Expression of the Gata1 gene in hematopoietic stem cells and early progenitor cells is repressed by an epigenetic mechanism that precludes access of GATA2 (9). Along with differentiation, GATA2 primes Gata1 gene expression and results in Gata1 gene self-activation and Gata2 gene repression by GATA1. Consequently, GATA1 and GATA2 expression levels show dynamic features, referred to as “GATA-factor switching,” during erythroid differentiation (10). GATA1 and GATA2 partially share binding sites at target genes, acting both redundantly and competitively to regulate gene expression (11).
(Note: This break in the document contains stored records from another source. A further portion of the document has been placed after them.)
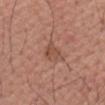Case summary:
– workup · imaged on a skin check; not biopsied
– patient · male, about 55 years old
– image source · 15 mm crop, total-body photography
– size · about 2.5 mm
– anatomic site · the head or neck
– lighting · white-light illumination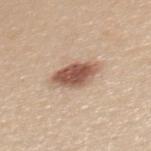Background:
Cropped from a total-body skin-imaging series; the visible field is about 15 mm. The patient is a female aged 23 to 27. On the upper back. This is a white-light tile.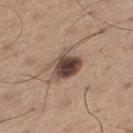imaging modality = total-body-photography crop, ~15 mm field of view; illumination = white-light; lesion size = ~3.5 mm (longest diameter); subject = male, in their mid-60s; site = the right thigh.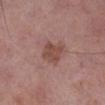The lesion was tiled from a total-body skin photograph and was not biopsied.
A male patient aged approximately 70.
A 15 mm close-up extracted from a 3D total-body photography capture.
The lesion is on the right lower leg.
Longest diameter approximately 3.5 mm.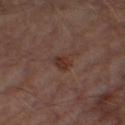Clinical impression:
Captured during whole-body skin photography for melanoma surveillance; the lesion was not biopsied.
Background:
Automated image analysis of the tile measured a mean CIELAB color near L≈30 a*≈18 b*≈22, roughly 7 lightness units darker than nearby skin, and a normalized lesion–skin contrast near 7.5. About 2.5 mm across. The lesion is on the right thigh. A 15 mm crop from a total-body photograph taken for skin-cancer surveillance. A male subject roughly 65 years of age.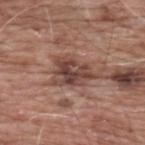biopsy_status: not biopsied; imaged during a skin examination
site: upper back
patient:
  sex: male
  age_approx: 60
lesion_size:
  long_diameter_mm_approx: 5.5
automated_metrics:
  area_mm2_approx: 12.0
  eccentricity: 0.75
  shape_asymmetry: 0.35
  border_irregularity_0_10: 4.5
  color_variation_0_10: 7.0
  peripheral_color_asymmetry: 2.5
image:
  source: total-body photography crop
  field_of_view_mm: 15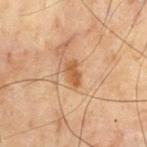The lesion was tiled from a total-body skin photograph and was not biopsied.
An algorithmic analysis of the crop reported a lesion area of about 4 mm² and an eccentricity of roughly 0.85. And it measured an automated nevus-likeness rating near 25 out of 100.
Cropped from a total-body skin-imaging series; the visible field is about 15 mm.
From the chest.
The lesion's longest dimension is about 3 mm.
Imaged with cross-polarized lighting.
A male subject, aged approximately 70.

Therefore, the balance of GATA1 and GATA2 expression contributes to fine-tuning the transcriptional regulation of target genes.
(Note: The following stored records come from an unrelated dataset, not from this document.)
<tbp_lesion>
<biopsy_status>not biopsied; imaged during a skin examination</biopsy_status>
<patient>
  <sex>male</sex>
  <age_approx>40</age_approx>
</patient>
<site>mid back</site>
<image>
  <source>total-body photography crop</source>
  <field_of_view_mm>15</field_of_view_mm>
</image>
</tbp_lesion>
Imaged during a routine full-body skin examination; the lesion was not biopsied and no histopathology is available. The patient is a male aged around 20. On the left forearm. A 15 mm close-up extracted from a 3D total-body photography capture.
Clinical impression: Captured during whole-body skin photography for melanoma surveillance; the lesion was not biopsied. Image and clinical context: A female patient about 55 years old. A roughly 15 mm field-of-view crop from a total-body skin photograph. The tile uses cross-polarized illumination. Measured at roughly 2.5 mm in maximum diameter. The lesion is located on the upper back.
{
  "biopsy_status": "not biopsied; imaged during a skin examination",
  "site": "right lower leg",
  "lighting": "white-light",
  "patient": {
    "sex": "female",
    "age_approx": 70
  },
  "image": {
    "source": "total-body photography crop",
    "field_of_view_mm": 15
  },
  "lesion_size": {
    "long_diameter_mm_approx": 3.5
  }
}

GATA1 has four functional domains, consisting of two transactivation domains that reside in the amino (N)- and carboxyl (C)-termini and two zinc-finger domains that are referred to as N- and C-terminal zinc fingers in the middle of the protein. The former two function redundantly and cooperatively to transcriptionally regulate individual target genes (12), while the latter two are highly conserved in all GATA factors as DNA-binding and interaction domains for regulatory proteins and other TFs. The C-finger domain (CF) is particularly indispensable for DNA binding by GATA1, while the N-finger domain (NF) is insufficient for DNA binding alone but stabilizes DNA binding by the CF (13, 14). The NF is especially important for Friend of GATA1 (FOG1) interaction (15) and GATA1 homodimerization (16–19). Multiple molecules have been identified to interact with the CF, such as LIM domain only 2 (LMO2) (20) and MED1, a component of the mediator complex (21). Thus, a dual zinc-finger structure appears to modulate DNA-binding and protein–protein interactions to form the characteristic GATA1 complex and leads to the diverse target gene expression regulation.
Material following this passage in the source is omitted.